In a wave of controlled despair, I decided to look into the reality that is my own family. Ancestry blogsites abound. What I found was a real "reality show." Just like you can, I discovered some of the early roots to the family name. Seems to bubble up from the eastern Mediterranean over 1000 incredible years ago. Greek, Turkish, Armenian -- hard to be exact. But the name first appears in written history in 1058 AD in the Byzantine capitol of Constantinople, shortly before that city watched torrents of European Crusaders invade the nearby Holy Land.

So far, so good. I mean, why should I care about some hunky island survivor or ditsy housewife on a screen, when I can virtually touch my ancestral roots back to an age when knights, caliphs and emperors strode the world?

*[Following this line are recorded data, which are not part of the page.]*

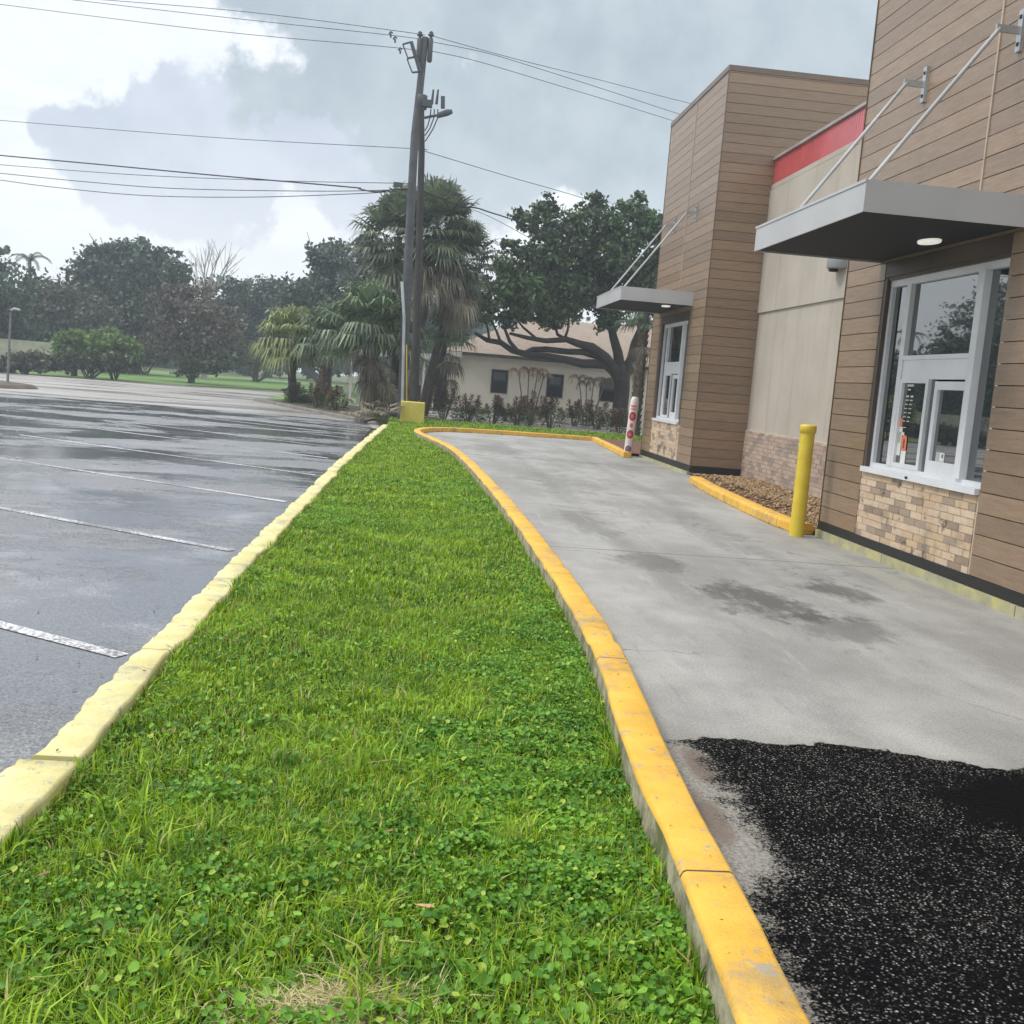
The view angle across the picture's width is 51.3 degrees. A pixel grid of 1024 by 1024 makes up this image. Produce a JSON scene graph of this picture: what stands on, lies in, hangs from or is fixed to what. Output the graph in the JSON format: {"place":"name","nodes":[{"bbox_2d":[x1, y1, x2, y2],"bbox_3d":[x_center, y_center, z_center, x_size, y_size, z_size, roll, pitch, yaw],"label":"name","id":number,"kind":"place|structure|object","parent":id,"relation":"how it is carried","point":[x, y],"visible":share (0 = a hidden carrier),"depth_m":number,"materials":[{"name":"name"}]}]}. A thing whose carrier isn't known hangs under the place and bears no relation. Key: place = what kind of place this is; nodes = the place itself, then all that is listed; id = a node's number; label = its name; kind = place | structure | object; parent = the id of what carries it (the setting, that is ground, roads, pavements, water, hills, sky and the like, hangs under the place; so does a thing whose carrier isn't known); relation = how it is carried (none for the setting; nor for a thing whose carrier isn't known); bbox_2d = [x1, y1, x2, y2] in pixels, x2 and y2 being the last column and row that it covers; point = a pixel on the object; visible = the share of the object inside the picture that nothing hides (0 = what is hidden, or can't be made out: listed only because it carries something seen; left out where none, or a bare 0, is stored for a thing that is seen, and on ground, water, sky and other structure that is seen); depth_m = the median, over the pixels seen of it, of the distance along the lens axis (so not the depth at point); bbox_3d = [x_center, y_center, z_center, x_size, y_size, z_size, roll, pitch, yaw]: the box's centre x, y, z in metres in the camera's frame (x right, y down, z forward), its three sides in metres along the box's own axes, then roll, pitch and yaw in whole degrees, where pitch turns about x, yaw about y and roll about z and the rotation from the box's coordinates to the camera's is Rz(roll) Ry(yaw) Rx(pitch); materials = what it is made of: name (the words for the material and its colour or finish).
{"place":"outdoors","nodes":[
{"label":"outdoors","id":0,"kind":"place"},
{"bbox_2d":[0,372,175,384],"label":"verge path","id":1,"kind":"structure","parent":0,"point":[88,378],"depth_m":58.47,"materials":[{"name":"grey concrete"}]},
{"bbox_2d":[13,368,343,389],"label":"lawn","id":2,"kind":"structure","parent":0,"point":[162,377],"depth_m":74.58,"materials":[{"name":"green plant"}]},
{"bbox_2d":[0,347,53,374],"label":"shrub","id":3,"kind":"object","parent":2,"relation":"on","point":[27,362],"visible":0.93,"depth_m":57.16,"materials":[{"name":"green plant"}]},
{"bbox_2d":[0,245,56,342],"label":"broadleaf tree","id":4,"kind":"object","parent":2,"relation":"on","point":[8,303],"visible":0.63,"depth_m":69.89,"materials":[{"name":"green plant"}]},
{"bbox_2d":[7,252,50,274],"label":"feather palm","id":5,"kind":"object","parent":2,"relation":"on","point":[30,259],"visible":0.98,"depth_m":79.36,"materials":[{"name":"green plant"}]},
{"bbox_2d":[0,338,95,374],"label":"boundary wall","id":6,"kind":"structure","parent":2,"relation":"on","point":[19,345],"depth_m":66.83,"materials":[{"name":"beige paint"}]},
{"bbox_2d":[0,274,129,341],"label":"vine covered tree","id":7,"kind":"object","parent":2,"relation":"on","point":[67,306],"visible":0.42,"depth_m":75.17,"materials":[{"name":"green plant"}]},
{"bbox_2d":[49,328,91,375],"bbox_3d":[-25.122,-9.176,61.391,2.950,2.819,2.705,-1,9,-38],"label":"round shrub","id":8,"kind":"object","parent":2,"relation":"on","point":[73,339],"visible":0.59,"depth_m":60.75,"materials":[{"name":"green plant"}]},
{"bbox_2d":[43,346,138,378],"bbox_3d":[-23.549,-8.262,59.009,5.488,1.877,1.964,4,7,-6],"label":"shrub","id":9,"kind":"object","parent":2,"relation":"on","point":[68,361],"visible":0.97,"depth_m":58.83,"materials":[{"name":"green plant"}]},
{"bbox_2d":[81,325,144,379],"bbox_3d":[-22.744,-9.032,60.613,3.336,3.100,3.200,-2,10,-44],"label":"round shrub","id":10,"kind":"object","parent":2,"relation":"on","point":[115,340],"visible":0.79,"depth_m":60.01,"materials":[{"name":"green plant"}]},
{"bbox_2d":[58,233,198,373],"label":"broadleaf tree","id":11,"kind":"object","parent":2,"relation":"on","point":[131,281],"visible":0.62,"depth_m":80.61,"materials":[{"name":"green plant"}]},
{"bbox_2d":[95,327,186,374],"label":"shrub","id":12,"kind":"object","parent":2,"relation":"on","point":[149,362],"visible":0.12,"depth_m":80.70,"materials":[{"name":"green plant"}]},
{"bbox_2d":[138,276,247,382],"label":"broadleaf tree","id":13,"kind":"object","parent":2,"relation":"on","point":[209,332],"visible":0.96,"depth_m":66.85,"materials":[{"name":"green plant"}]},
{"bbox_2d":[169,350,237,382],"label":"shrub","id":14,"kind":"object","parent":2,"relation":"on","point":[213,365],"visible":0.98,"depth_m":65.69,"materials":[{"name":"green plant"}]},
{"bbox_2d":[187,239,245,379],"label":"bare tree","id":15,"kind":"object","parent":2,"relation":"on","point":[204,377],"visible":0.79,"depth_m":80.79,"materials":[{"name":"brown wood"}]},
{"bbox_2d":[200,273,303,380],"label":"broadleaf tree","id":16,"kind":"object","parent":2,"relation":"on","point":[238,293],"visible":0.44,"depth_m":91.39,"materials":[{"name":"green plant"}]},
{"bbox_2d":[207,336,319,381],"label":"shrub","id":17,"kind":"object","parent":2,"relation":"on","point":[241,360],"visible":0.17,"depth_m":87.18,"materials":[{"name":"green plant"}]},
{"bbox_2d":[0,394,371,772],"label":"parking lot","id":18,"kind":"structure","parent":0,"point":[111,589],"depth_m":10.48,"materials":[{"name":"grey asphalt"}]},
{"bbox_2d":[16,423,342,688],"bbox_3d":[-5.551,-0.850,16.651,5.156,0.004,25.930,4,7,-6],"label":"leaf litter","id":19,"kind":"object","parent":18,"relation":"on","point":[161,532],"visible":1,"depth_m":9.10,"materials":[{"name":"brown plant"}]},
{"bbox_2d":[0,415,367,656],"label":"bay markings","id":20,"kind":"object","parent":18,"relation":"on","point":[63,640],"visible":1,"depth_m":9.92,"materials":[{"name":"white paint"}]},
{"bbox_2d":[9,367,433,442],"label":"ground","id":21,"kind":"structure","parent":0,"point":[342,380],"depth_m":115.96,"materials":[{"name":"green plant"}]},
{"bbox_2d":[0,759,78,855],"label":"kerb","id":22,"kind":"structure","parent":21,"relation":"on","point":[26,787],"depth_m":3.54,"materials":[{"name":"yellow concrete"}]},
{"bbox_2d":[31,424,387,769],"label":"kerb","id":23,"kind":"structure","parent":21,"relation":"on","point":[85,730],"depth_m":5.25,"materials":[{"name":"yellow concrete"}]},
{"bbox_2d":[267,233,368,391],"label":"broadleaf tree","id":24,"kind":"object","parent":21,"relation":"on","point":[324,278],"visible":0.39,"depth_m":72.70,"materials":[{"name":"green plant"}]},
{"bbox_2d":[80,293,652,380],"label":"wood","id":25,"kind":"object","parent":21,"relation":"on","point":[309,372],"visible":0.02,"depth_m":128.25,"materials":[{"name":"green plant"}]},
{"bbox_2d":[331,235,489,353],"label":"broadleaf tree","id":26,"kind":"object","parent":21,"relation":"on","point":[360,277],"visible":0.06,"depth_m":65.69,"materials":[{"name":"green plant"}]},
{"bbox_2d":[297,394,311,402],"bbox_3d":[-8.980,-4.915,46.144,0.840,0.380,0.840,4,7,-6],"label":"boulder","id":27,"kind":"object","parent":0,"point":[309,401],"visible":0.38,"depth_m":45.88,"materials":[{"name":"grey stone"}]},
{"bbox_2d":[0,373,642,434],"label":"street","id":28,"kind":"structure","parent":0,"point":[158,394],"depth_m":42.88,"materials":[{"name":"grey asphalt"}]},
{"bbox_2d":[0,381,38,388],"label":"traffic island","id":29,"kind":"structure","parent":28,"relation":"on","point":[9,385],"depth_m":38.32,"materials":[{"name":"concrete"}]},
{"bbox_2d":[6,307,20,382],"bbox_3d":[-18.505,-6.161,39.581,0.446,2.830,0.100,4,7,-6],"label":"lamp post","id":30,"kind":"object","parent":29,"relation":"on","point":[8,357],"visible":0.85,"depth_m":39.53,"materials":[{"name":"grey metal"}]},
{"bbox_2d":[253,398,363,421],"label":"kerb","id":31,"kind":"structure","parent":28,"relation":"on","point":[345,417],"depth_m":37.77,"materials":[{"name":"grey concrete"}]},
{"bbox_2d":[388,31,452,417],"bbox_3d":[-3.410,-9.494,35.760,2.264,12.817,0.753,6,7,15],"label":"utility pole","id":32,"kind":"object","parent":28,"relation":"on","point":[421,55],"visible":0.93,"depth_m":35.63,"materials":[{"name":"wood"}]},
{"bbox_2d":[0,155,407,191],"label":"overhead wire","id":33,"kind":"object","parent":32,"relation":"attached to","point":[359,188],"visible":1,"depth_m":38.42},
{"bbox_2d":[0,173,407,191],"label":"overhead wire","id":34,"kind":"object","parent":32,"relation":"attached to","point":[196,189],"visible":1,"depth_m":38.64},
{"bbox_2d":[0,164,407,183],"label":"overhead wire","id":35,"kind":"object","parent":32,"relation":"attached to","point":[196,177],"visible":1,"depth_m":38.65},
{"bbox_2d":[1,180,407,197],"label":"overhead wire","id":36,"kind":"object","parent":32,"relation":"attached to","point":[210,197],"visible":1,"depth_m":38.42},
{"bbox_2d":[0,4,411,49],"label":"overhead wire","id":37,"kind":"object","parent":32,"relation":"attached to","point":[209,30],"visible":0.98,"depth_m":38.56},
{"bbox_2d":[0,120,427,149],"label":"overhead wire","id":38,"kind":"object","parent":32,"relation":"attached to","point":[211,137],"visible":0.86,"depth_m":38.64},
{"bbox_2d":[76,0,417,38],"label":"overhead wire","id":39,"kind":"object","parent":32,"relation":"attached to","point":[251,20],"visible":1,"depth_m":37.81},
{"bbox_2d":[109,0,423,34],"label":"overhead wire","id":40,"kind":"object","parent":32,"relation":"attached to","point":[267,14],"visible":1,"depth_m":37.43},
{"bbox_2d":[393,182,402,186],"bbox_3d":[-3.804,-10.934,35.608,0.302,0.129,0.120,4,7,-6],"label":"splice box","id":41,"kind":"object","parent":32,"relation":"attached to","point":[397,184],"visible":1,"depth_m":35.55,"materials":[{"name":"metal"}]},
{"bbox_2d":[424,191,545,232],"bbox_3d":[-0.963,-10.829,38.548,0.170,0.349,7.048,10,9,39],"label":"overhead wire","id":42,"kind":"object","parent":32,"relation":"attached to","point":[483,210],"visible":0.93,"depth_m":38.52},
{"bbox_2d":[425,193,544,246],"bbox_3d":[-0.965,-10.528,38.590,0.151,0.869,7.080,10,9,39],"label":"overhead wire","id":43,"kind":"object","parent":32,"relation":"attached to","point":[487,215],"visible":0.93,"depth_m":38.63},
{"bbox_2d":[425,151,661,223],"bbox_3d":[2.001,-12.100,40.786,14.385,0.443,0.428,-2,10,-44],"label":"overhead wire","id":44,"kind":"object","parent":32,"relation":"attached to","point":[536,184],"visible":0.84,"depth_m":39.88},
{"bbox_2d":[433,51,672,120],"bbox_3d":[4.184,-15.744,41.604,18.665,0.596,0.612,-2,9,-41],"label":"overhead wire","id":45,"kind":"object","parent":32,"relation":"attached to","point":[551,83],"visible":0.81,"depth_m":39.37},
{"bbox_2d":[434,42,677,113],"bbox_3d":[4.179,-16.064,41.562,18.649,0.648,0.613,-2,9,-41],"label":"overhead wire","id":46,"kind":"object","parent":32,"relation":"attached to","point":[554,73],"visible":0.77,"depth_m":39.52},
{"bbox_2d":[434,36,687,102],"bbox_3d":[4.169,-16.573,41.491,18.581,1.296,0.600,-2,9,-41],"label":"overhead wire","id":47,"kind":"object","parent":32,"relation":"attached to","point":[557,69],"visible":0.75,"depth_m":39.35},
{"bbox_2d":[445,407,490,417],"bbox_3d":[-1.900,-4.213,45.516,2.000,0.380,0.150,4,7,-6],"label":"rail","id":48,"kind":"object","parent":28,"relation":"on","point":[451,410],"visible":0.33,"depth_m":45.40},
{"bbox_2d":[450,393,486,422],"bbox_3d":[-1.566,-3.821,39.347,1.387,1.132,1.369,8,8,25],"label":"ti plant","id":49,"kind":"object","parent":28,"relation":"on","point":[470,411],"visible":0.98,"depth_m":39.14,"materials":[{"name":"green plant"}]},
{"bbox_2d":[478,394,508,423],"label":"ti plant","id":50,"kind":"object","parent":28,"relation":"on","point":[498,405],"visible":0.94,"depth_m":40.87,"materials":[{"name":"green plant"}]},
{"bbox_2d":[500,396,535,425],"bbox_3d":[0.239,-3.904,41.016,1.438,1.189,1.456,3,7,-10],"label":"ti plant","id":51,"kind":"object","parent":28,"relation":"on","point":[518,408],"visible":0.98,"depth_m":40.83,"materials":[{"name":"green plant"}]},
{"bbox_2d":[507,366,553,419],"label":"wilted palm","id":52,"kind":"object","parent":28,"relation":"on","point":[531,369],"visible":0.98,"depth_m":47.04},
{"bbox_2d":[523,390,543,424],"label":"ti plant","id":53,"kind":"object","parent":28,"relation":"on","point":[533,409],"visible":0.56,"depth_m":43.03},
{"bbox_2d":[534,396,567,427],"bbox_3d":[1.560,-3.907,41.637,1.434,1.261,1.386,-2,10,-44],"label":"ti plant","id":54,"kind":"object","parent":28,"relation":"on","point":[545,412],"visible":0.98,"depth_m":41.42,"materials":[{"name":"green plant"}]},
{"bbox_2d":[471,189,662,426],"bbox_3d":[2.734,-8.956,46.208,10.252,10.203,6.020,4,7,-6],"label":"oak tree","id":55,"kind":"object","parent":28,"relation":"on","point":[583,271],"visible":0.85,"depth_m":45.16,"materials":[{"name":"green plant"}]},
{"bbox_2d":[561,399,587,425],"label":"ti plant","id":56,"kind":"object","parent":28,"relation":"on","point":[574,414],"visible":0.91,"depth_m":44.99,"materials":[{"name":"green plant"}]},
{"bbox_2d":[568,374,613,424],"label":"wilted palm","id":57,"kind":"object","parent":28,"relation":"on","point":[588,383],"visible":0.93,"depth_m":47.33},
{"bbox_2d":[580,399,614,429],"bbox_3d":[3.559,-4.063,44.318,1.506,1.245,1.526,10,9,39],"label":"ti plant","id":58,"kind":"object","parent":28,"relation":"on","point":[590,410],"visible":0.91,"depth_m":44.20,"materials":[{"name":"green plant"}]},
{"bbox_2d":[607,408,628,433],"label":"ti plant","id":59,"kind":"object","parent":28,"relation":"on","point":[615,418],"visible":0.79,"depth_m":40.70,"materials":[{"name":"green plant"}]},
{"bbox_2d":[268,393,432,407],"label":"verge","id":60,"kind":"structure","parent":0,"point":[280,397],"depth_m":53.38,"materials":[{"name":"green plant"}]},
{"bbox_2d":[268,399,449,420],"bbox_3d":[-5.836,-3.952,41.760,5.800,0.001,15.735,1,8,-29],"label":"planting bed","id":61,"kind":"object","parent":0,"point":[353,408],"visible":0.35,"depth_m":41.31,"materials":[{"name":"soil"}]},
{"bbox_2d":[243,303,341,402],"bbox_3d":[-9.262,-6.640,44.911,4.016,4.161,3.806,10,9,38],"label":"fan palm","id":62,"kind":"object","parent":61,"relation":"on","point":[282,323],"visible":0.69,"depth_m":44.03,"materials":[{"name":"green plant"}]},
{"bbox_2d":[282,382,308,403],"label":"ti plant","id":63,"kind":"object","parent":61,"relation":"on","point":[298,393],"visible":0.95,"depth_m":44.90,"materials":[{"name":"green plant"}]},
{"bbox_2d":[306,377,327,407],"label":"ti plant","id":64,"kind":"object","parent":61,"relation":"on","point":[315,395],"visible":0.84,"depth_m":41.22,"materials":[{"name":"plant"}]},
{"bbox_2d":[287,300,364,406],"bbox_3d":[-7.323,-6.356,43.059,3.536,4.372,3.555,4,7,-6],"label":"fan palm","id":65,"kind":"object","parent":61,"relation":"on","point":[317,322],"visible":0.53,"depth_m":42.50,"materials":[{"name":"green plant"}]},
{"bbox_2d":[322,385,349,410],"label":"ti plant","id":66,"kind":"object","parent":61,"relation":"on","point":[332,399],"visible":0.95,"depth_m":40.16,"materials":[{"name":"green plant"}]},
{"bbox_2d":[307,277,427,417],"bbox_3d":[-5.024,-5.404,37.332,4.298,5.550,4.034,1,8,-30],"label":"fan palm","id":67,"kind":"object","parent":61,"relation":"on","point":[371,302],"visible":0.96,"depth_m":36.78,"materials":[{"name":"green plant"}]},
{"bbox_2d":[338,397,405,417],"bbox_3d":[-4.356,-3.247,33.674,2.272,0.720,2.051,4,7,-6],"label":"frond pile","id":68,"kind":"object","parent":61,"relation":"on","point":[376,411],"visible":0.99,"depth_m":33.41,"materials":[{"name":"brown plant"}]},
{"bbox_2d":[335,179,444,381],"bbox_3d":[-4.637,-8.248,41.118,4.549,8.960,4.616,7,7,18],"label":"fan palm","id":69,"kind":"object","parent":61,"relation":"on","point":[385,270],"visible":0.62,"depth_m":39.93,"materials":[{"name":"green plant"}]},
{"bbox_2d":[378,312,437,415],"bbox_3d":[-4.237,-5.434,38.923,2.755,4.110,2.629,9,8,31],"label":"fan palm","id":70,"kind":"object","parent":61,"relation":"on","point":[395,366],"visible":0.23,"depth_m":38.76,"materials":[{"name":"green plant"}]},
{"bbox_2d":[390,172,487,400],"bbox_3d":[-2.966,-8.096,40.157,4.122,9.183,3.824,4,7,-6],"label":"fan palm","id":71,"kind":"object","parent":61,"relation":"on","point":[443,211],"visible":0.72,"depth_m":39.28,"materials":[{"name":"green plant"}]},
{"bbox_2d":[428,380,457,419],"bbox_3d":[-2.579,-4.284,40.739,1.244,1.560,1.161,0,8,-31],"label":"ti plant","id":72,"kind":"object","parent":61,"relation":"on","point":[444,400],"visible":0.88,"depth_m":40.62,"materials":[{"name":"green plant"}]},
{"bbox_2d":[424,306,478,415],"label":"fan palm","id":73,"kind":"object","parent":61,"relation":"on","point":[454,366],"visible":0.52,"depth_m":42.35,"materials":[{"name":"green plant"}]},
{"bbox_2d":[419,215,503,415],"bbox_3d":[-2.062,-7.714,41.771,3.707,8.208,3.908,4,7,-6],"label":"fan palm","id":74,"kind":"object","parent":61,"relation":"on","point":[460,311],"visible":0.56,"depth_m":41.24,"materials":[{"name":"green plant"}]},
{"bbox_2d":[0,416,719,1023],"bbox_3d":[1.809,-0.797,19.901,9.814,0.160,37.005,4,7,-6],"label":"lawn grass","id":75,"kind":"structure","parent":0,"point":[400,448],"depth_m":3.77,"materials":[{"name":"green plant"}]},
{"bbox_2d":[171,945,496,1023],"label":"dry thatch","id":76,"kind":"object","parent":75,"relation":"on","point":[321,990],"visible":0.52,"depth_m":2.54,"materials":[{"name":"plant"}]},
{"bbox_2d":[0,460,714,1023],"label":"clover weeds","id":77,"kind":"object","parent":75,"relation":"on","point":[588,870],"visible":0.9,"depth_m":3.35,"materials":[{"name":"green plant"}]},
{"bbox_2d":[400,401,424,423],"bbox_3d":[-3.174,-3.159,34.002,0.760,0.710,0.550,4,7,-6],"label":"pole guard box","id":78,"kind":"object","parent":75,"relation":"on","point":[414,411],"visible":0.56,"depth_m":33.73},
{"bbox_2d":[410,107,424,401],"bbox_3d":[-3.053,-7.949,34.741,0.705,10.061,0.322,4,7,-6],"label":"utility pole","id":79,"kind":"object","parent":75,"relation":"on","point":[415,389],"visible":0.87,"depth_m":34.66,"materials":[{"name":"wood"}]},
{"bbox_2d":[416,904,433,906],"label":"fallen leaf","id":80,"kind":"object","parent":75,"relation":"on","point":[423,905],"visible":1,"depth_m":2.99,"materials":[{"name":"brown plant"}]},
{"bbox_2d":[414,427,810,1023],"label":"kerb","id":81,"kind":"structure","parent":75,"relation":"on","point":[746,980],"depth_m":3.52,"materials":[{"name":"concrete"}]},
{"bbox_2d":[613,311,653,436],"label":"fan palm","id":82,"kind":"object","parent":75,"relation":"on","point":[640,354],"visible":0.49,"depth_m":37.05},
{"bbox_2d":[596,0,1023,620],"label":"restaurant building","id":83,"kind":"structure","parent":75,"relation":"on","point":[840,264],"depth_m":11.23,"materials":[{"name":"paint"}]},
{"bbox_2d":[652,319,687,424],"bbox_3d":[3.447,-3.018,22.993,0.165,2.175,2.371,4,7,-6],"label":"service window","id":84,"kind":"structure","parent":83,"relation":"in","point":[674,334],"depth_m":23.12,"materials":[{"name":"white metal"}]},
{"bbox_2d":[860,252,1013,495],"bbox_3d":[3.995,-1.298,10.157,0.170,2.040,2.434,4,7,-6],"label":"service window","id":85,"kind":"structure","parent":83,"relation":"in","point":[945,322],"depth_m":10.08,"materials":[{"name":"white metal"}]},
{"bbox_2d":[0,0,877,376],"label":"sky","id":86,"kind":"structure","parent":0,"point":[57,68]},
{"bbox_2d":[348,320,651,427],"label":"house","id":87,"kind":"structure","parent":0,"point":[487,369],"depth_m":49.03,"materials":[{"name":"beige paint"}]},
{"bbox_2d":[433,368,446,408],"bbox_3d":[-3.590,-6.363,53.568,0.600,2.400,0.100,4,7,-6],"label":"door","id":88,"kind":"structure","parent":87,"relation":"in","point":[439,383],"depth_m":53.51,"materials":[{"name":"grey glass"}]},
{"bbox_2d":[489,369,508,394],"bbox_3d":[-0.575,-5.932,48.747,0.860,1.140,0.080,4,7,-6],"label":"window","id":89,"kind":"structure","parent":87,"relation":"in","point":[499,378],"depth_m":48.76,"materials":[{"name":"glass"}]},
{"bbox_2d":[546,374,563,399],"bbox_3d":[1.967,-5.759,48.993,0.860,1.140,0.080,4,7,-6],"label":"window","id":90,"kind":"structure","parent":87,"relation":"in","point":[556,390],"depth_m":49.01,"materials":[{"name":"glass"}]},
{"bbox_2d":[599,378,614,403],"bbox_3d":[4.430,-5.591,49.232,0.860,1.140,0.080,4,7,-6],"label":"window","id":91,"kind":"structure","parent":87,"relation":"in","point":[607,394],"depth_m":49.25,"materials":[{"name":"glass"}]},
{"bbox_2d":[602,439,641,453],"bbox_3d":[4.315,-1.746,29.231,4.050,0.001,7.540,4,7,-6],"label":"mulch bed","id":92,"kind":"object","parent":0,"point":[636,448],"visible":0.25,"depth_m":29.50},
{"bbox_2d":[425,432,1023,1023],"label":"driveway","id":93,"kind":"structure","parent":0,"point":[841,730],"depth_m":5.18,"materials":[{"name":"concrete"}]},
{"bbox_2d":[592,437,630,457],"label":"kerb","id":94,"kind":"structure","parent":93,"relation":"on","point":[619,451],"depth_m":26.86,"materials":[{"name":"yellow concrete"}]},
{"bbox_2d":[624,397,638,452],"bbox_3d":[2.800,-1.990,25.035,0.204,1.430,0.210,6,7,-6],"label":"bollard","id":95,"kind":"object","parent":93,"relation":"on","point":[632,419],"visible":0.91,"depth_m":24.95,"materials":[{"name":"white plastic"}]},
{"bbox_2d":[689,476,813,534],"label":"kerb","id":96,"kind":"structure","parent":93,"relation":"on","point":[760,512],"depth_m":14.57,"materials":[{"name":"yellow concrete"}]},
{"bbox_2d":[789,424,816,536],"bbox_3d":[3.353,-0.352,12.323,0.192,1.318,0.192,4,7,-6],"label":"bollard","id":97,"kind":"object","parent":93,"relation":"on","point":[803,473],"visible":0.92,"depth_m":12.26,"materials":[{"name":"yellow metal"}]},
{"bbox_2d":[691,473,820,531],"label":"gravel","id":98,"kind":"structure","parent":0,"point":[779,497],"depth_m":16.92,"materials":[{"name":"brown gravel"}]}
]}

Just as you can, I dug deeper. The written record shows the Byzantine emperor Isaac Commenus bequeathed lands to the Spatafora family in one of his domains: The Kingdom of Sicily. There the Spatafora name [meaning to-bear-swords-in-public] prevailed over the next 50 centuries. Dukes and duchesses, saints and sinners, the name of villages and the label of vineyards. For extra flavor, I even learned that in the 19th C, Al Pacino's grandfather married a Spatafora from the fabled Sicilian town of Corleone; and in the 20th C, Hitler's munitions minister Albert Speer married off his son to a Princess Spatafora from the Sicilian city of Catania. Dad, who was born in Sicily in 1897, would have loved to have heard such stories!

But back to reality-television....

Tonight there stands before the glazed eyes of America yet another cacophonous cadenza of silliness, yet another slate of television misappropriating the notion of "reality." Oh but wait -- there's an antidote available. Find an ancestry blogsite on the Internet, and see if you too can excavate the long-lost majesty to your own name, your own past, your own familial reality. It's gotta be better than "The Housewives of New Jersey" or any of the other chintzy hunk-and-ditz programs. Please, tell me I'm right....!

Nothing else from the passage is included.